The Hellhound kept staring at Katelyn. She scanned her surroundings for an escape route and took a deep breath. The fire was sweeping through the trees mere yards away.
As if oblivious to the imminent danger, the beast growled, low and almost jubilant, as if savoring the kill to come.
Katelyn’s face tingled. The hair on the back of her neck stood up and she held her breath as Cordelia squeezed her hand even tighter. The Hellhound was watching her. She was afraid to so much as twitch. Why was it sizing her up? It was bigger than she was. Surely it knew it could take her out in a heartbeat.
“Kat,” Cordelia whispered, and Katelyn shushed her as quietly as she could.
The thing blinked.
And then a light came on in her brain:
What if it’s someone I know?
She licked her lips. “Hello?” she said.
“What are you doing?” Cordelia whispered fiercely, and Kat shushed her again.
Then the Hellhound moved slowly forward, and Katelyn lurched back, stumbling into Cordelia. Cordelia darted from behind Katelyn and stood at her side. The other girl was shaking, but she lifted her chin, staring the creature down. Shoulder to shoulder, they stood, daring the Hellhound to take them on.
This is it
, Katelyn thought.
Then in a flash the Hellhound turned and bounded away and, in near silence, it disappeared into the shadows.
A horrible howl shook the treetops and made Katelyn’s bones vibrate. The two girls stood stock-still for a second, and then Katelyn let out her breath.
“God,” Cordelia said. “I . . . just
God
.” The thing in her hand was a gas mask. “Here, Kat,” she said urgently, raising it over Katelyn’s head. “There’s silver in the air. Jean-Luc dumped it in the swamp—”
Katelyn stopped her. “Keep it,” she said. “You use it.”
“No,” Cordelia argued, and Katelyn grabbed Cordelia’s hand again and started to run. Poisonous smoke drifted across the papery face of the moon as they reached the shelter of a stand of trees and stopped, panting. Katelyn tried to make Cordelia put the mask on. Cordelia shook her head. Then Katelyn froze, remembering the werewolf who had defended Cordelia. He — or she — might still be alive.
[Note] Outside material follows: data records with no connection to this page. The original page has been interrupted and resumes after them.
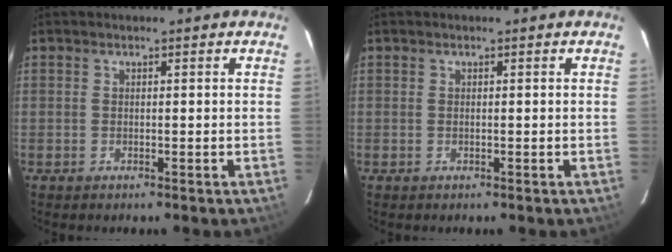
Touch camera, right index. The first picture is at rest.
{"total": 0.0}
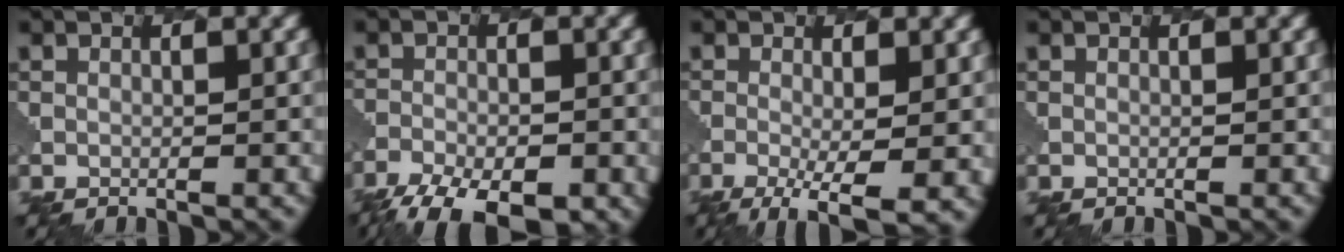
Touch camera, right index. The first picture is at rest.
{"total": 8.0, "force": [-6.1, 3.1, 4.2], "torque": [-0.080, -0.026, -0.101]}
{"total": 5.3, "force": [-1.9, 1.6, 4.7], "torque": [-0.091, -0.009, -0.032]}
{"total": 0.0}
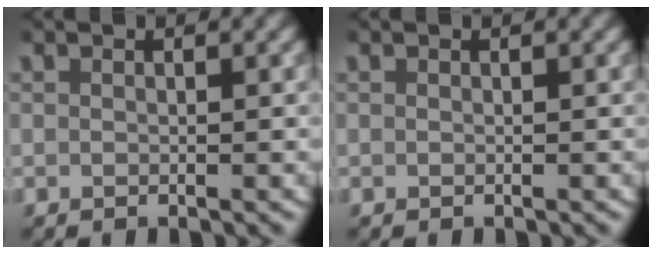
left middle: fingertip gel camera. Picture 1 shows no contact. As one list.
[{"total": 0.0}]
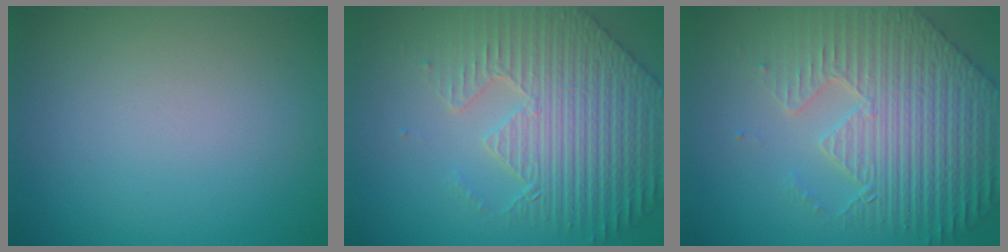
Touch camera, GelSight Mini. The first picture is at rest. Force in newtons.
{"total": 7.1, "press": 5.9, "slide": 4.0}
{"total": 7.8, "press": 6.3, "slide": 4.7}
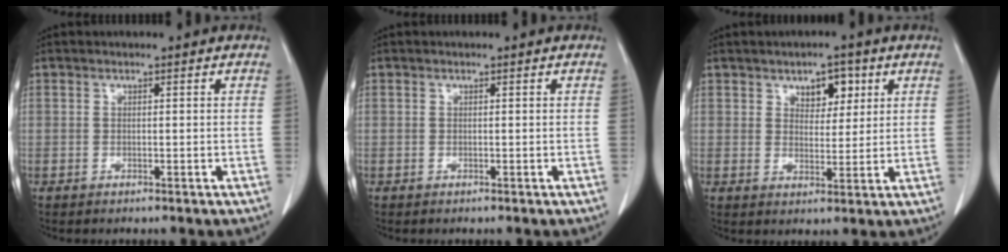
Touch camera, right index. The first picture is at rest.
{"total": 0.0}
{"total": 5.0, "force": [2.5, 2.8, 3.2], "torque": [-0.041, 0.004, 0.038]}
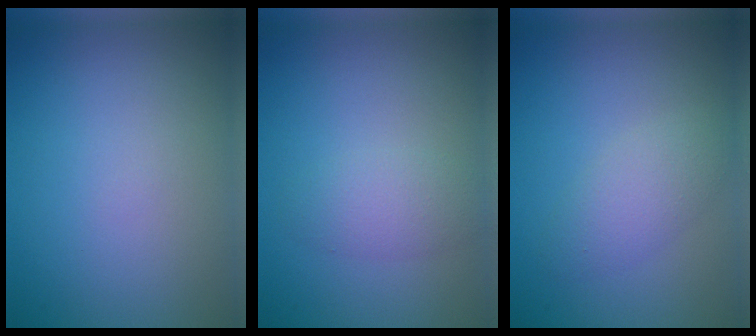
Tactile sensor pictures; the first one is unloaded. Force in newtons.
{"total": 2.3, "press": 2.3, "slide": 0.1}
{"total": 2.7, "press": 2.6, "slide": 0.1}

“Who attacked the Hellhound for you?” she asked. “We have to find him.”
Cordelia’s blue eyes widened and she gave her head a firm shake.
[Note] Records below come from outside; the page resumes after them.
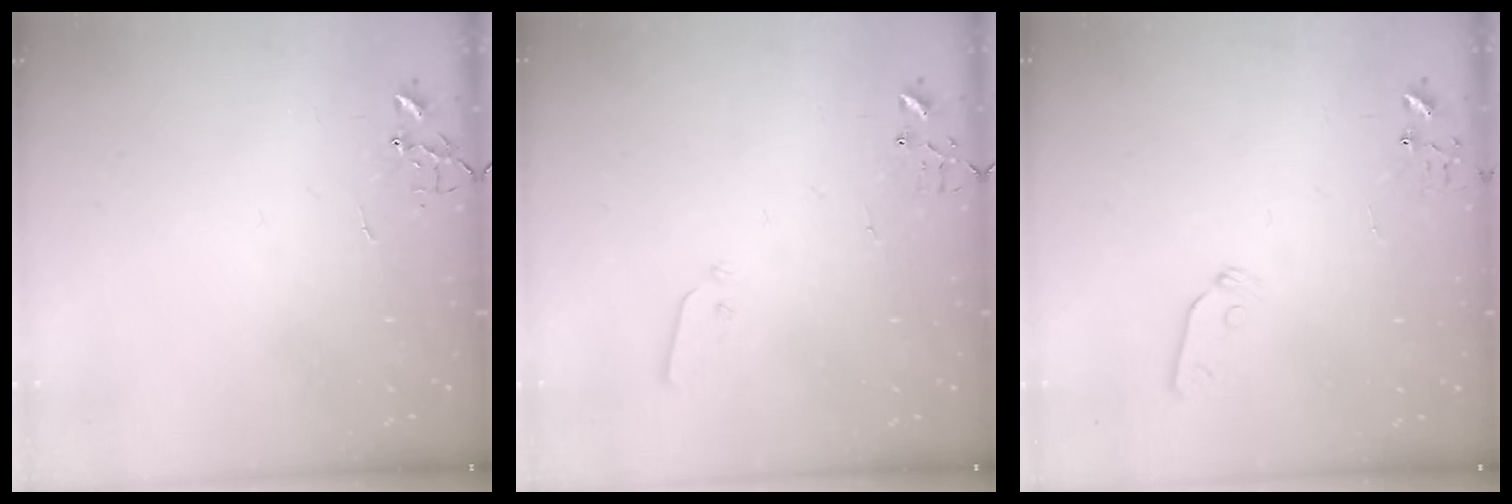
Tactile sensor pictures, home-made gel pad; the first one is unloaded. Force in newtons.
{"total": 3.0, "press": 2.9, "slide": 0.3}
{"total": 6.0, "press": 5.9, "slide": 0.9}
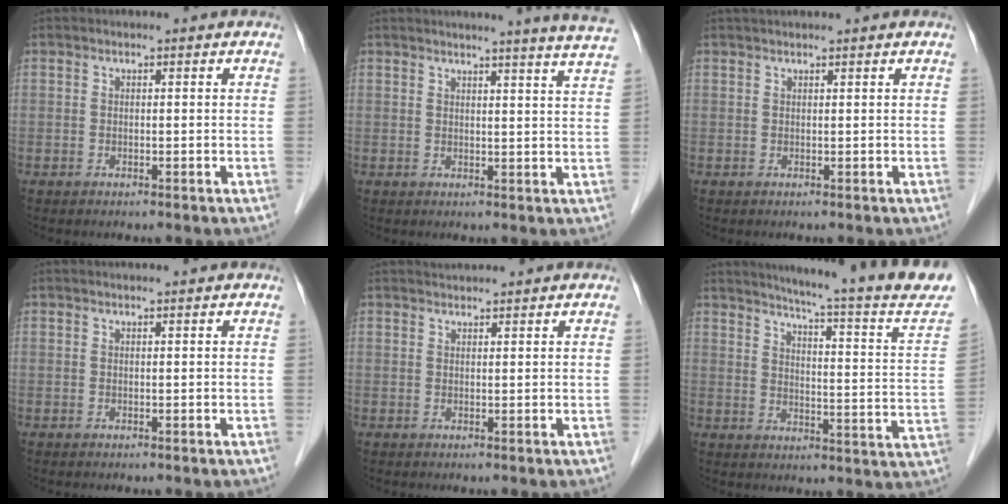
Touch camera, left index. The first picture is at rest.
{"total": 9.9, "force": [9.1, -1.9, 3.5], "torque": [-0.040, -0.045, 0.084]}
{"total": 2.7, "force": [2.4, -0.4, 1.1], "torque": [-0.010, 0.027, 0.043]}
{"total": 1.2, "force": [1.1, -0.2, 0.4], "torque": [-0.006, 0.009, 0.019]}
{"total": 2.0, "force": [2.0, -0.2, 0.2], "torque": [-0.006, 0.018, 0.037]}
{"total": 21.5, "force": [18.5, -1.4, 10.8], "torque": [-0.155, -0.071, 0.223]}
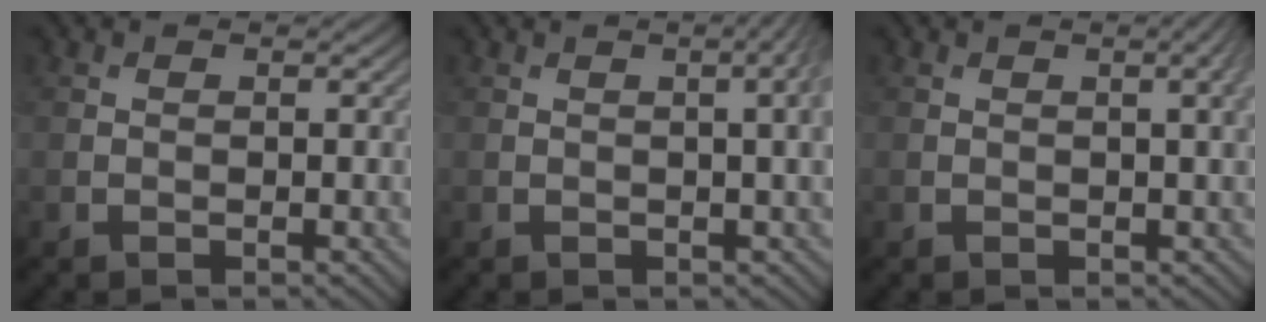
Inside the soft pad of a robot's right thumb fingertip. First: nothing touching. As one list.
[{"total": 3.8, "force": [0.7, 0.8, 3.6], "torque": [-0.046, 0.014, 0.008]}, {"total": 2.6, "force": [0.7, 0.4, 2.5], "torque": [-0.030, 0.008, 0.009]}]

“He only did it because of the loyalty instinct,” she replied. “He didn’t exactly
want
to save my life. But I’m mated to his alpha.” Seeing that Katelyn still didn’t get it, she added, “So he
had
to try to help me. He couldn’t stop himself.”
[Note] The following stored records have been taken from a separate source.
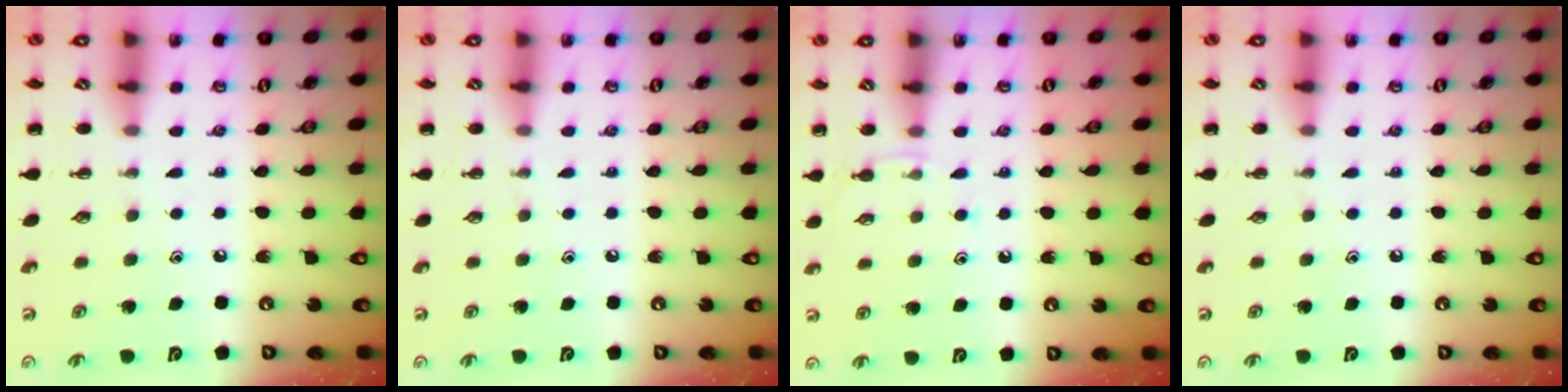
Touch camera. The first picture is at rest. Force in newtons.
{"total": 0.0}
{"total": 4.6, "press": 4.3, "slide": 1.6}
{"total": 0.0}
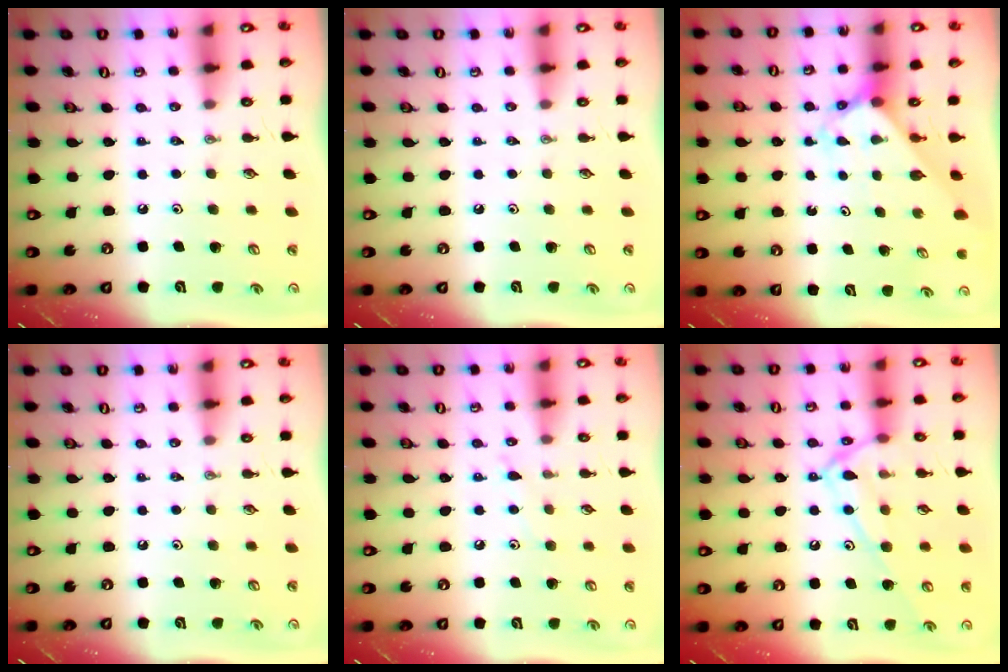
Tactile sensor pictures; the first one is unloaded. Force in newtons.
{"total": 0.0}
{"total": 2.7, "press": 2.7, "slide": 0.2}
{"total": 0.0}
{"total": 5.7, "press": 5.6, "slide": 0.6}
{"total": 14.0, "press": 14.0, "slide": 1.2}
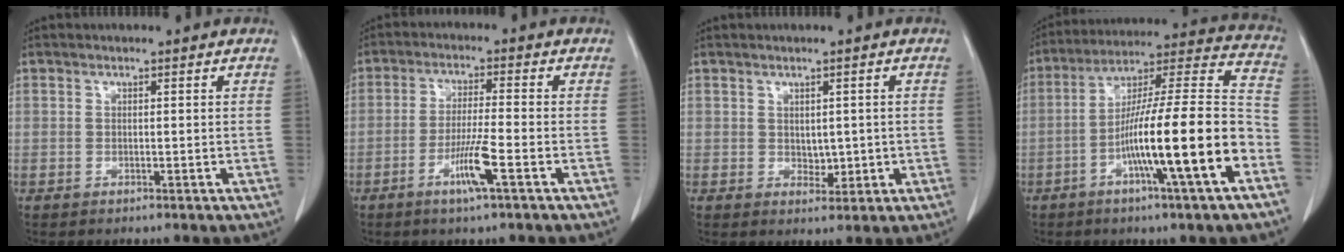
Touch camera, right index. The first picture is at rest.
{"total": 6.3, "force": [-3.0, -0.4, 5.6], "torque": [-0.108, -0.011, -0.057]}
{"total": 2.6, "force": [0.0, 1.7, 1.9], "torque": [-0.024, -0.003, 0.008]}
{"total": 19.7, "force": [-7.1, 0.0, 18.4], "torque": [-0.284, 0.002, -0.123]}
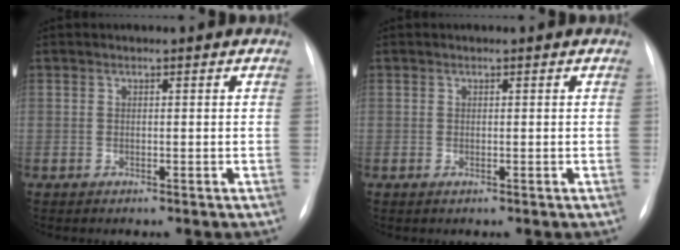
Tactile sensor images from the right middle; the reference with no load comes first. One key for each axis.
{"total": 0.0}
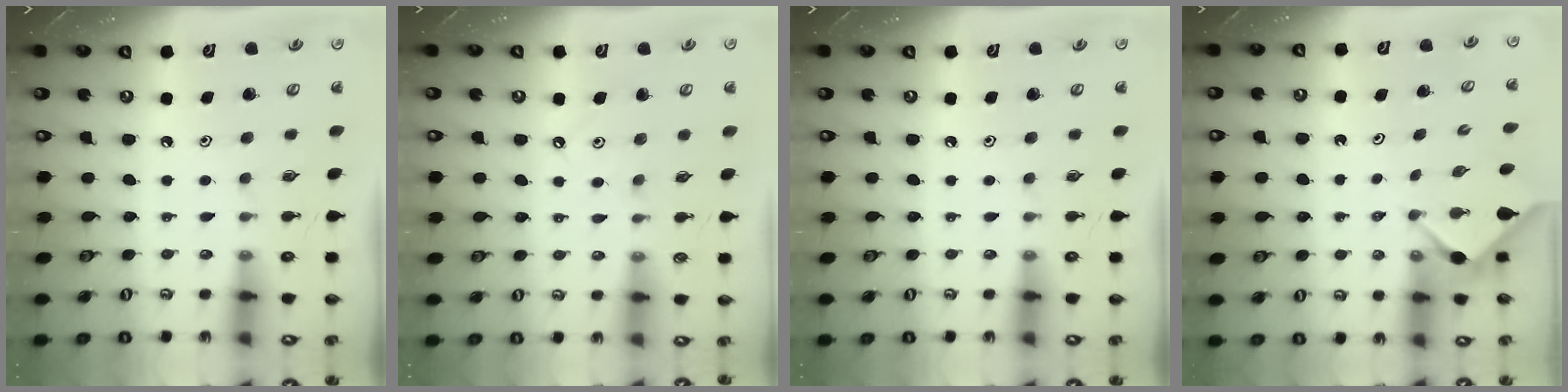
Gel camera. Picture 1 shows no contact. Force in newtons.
{"total": 3.3, "press": 3.3, "slide": 0.4}
{"total": 0.0}
{"total": 3.0, "press": 2.9, "slide": 0.4}

Katelyn hadn’t seen anything like that in the Fenner pack, it had been mostly bickering and threatening, with pack members always plotting and casting suspicion on each other to get ahead. Their alpha, Lee Fenner, had been losing his mind, and the entire pack was in disarray. She could almost feel Quentin Lloyd’s warm blood spraying against her face again. Lee Fenner had killed him when the younger werewolf had posed a challenge to his dominance — a death Katelyn had engineered to save her own life. There had been no loyalty instinct there.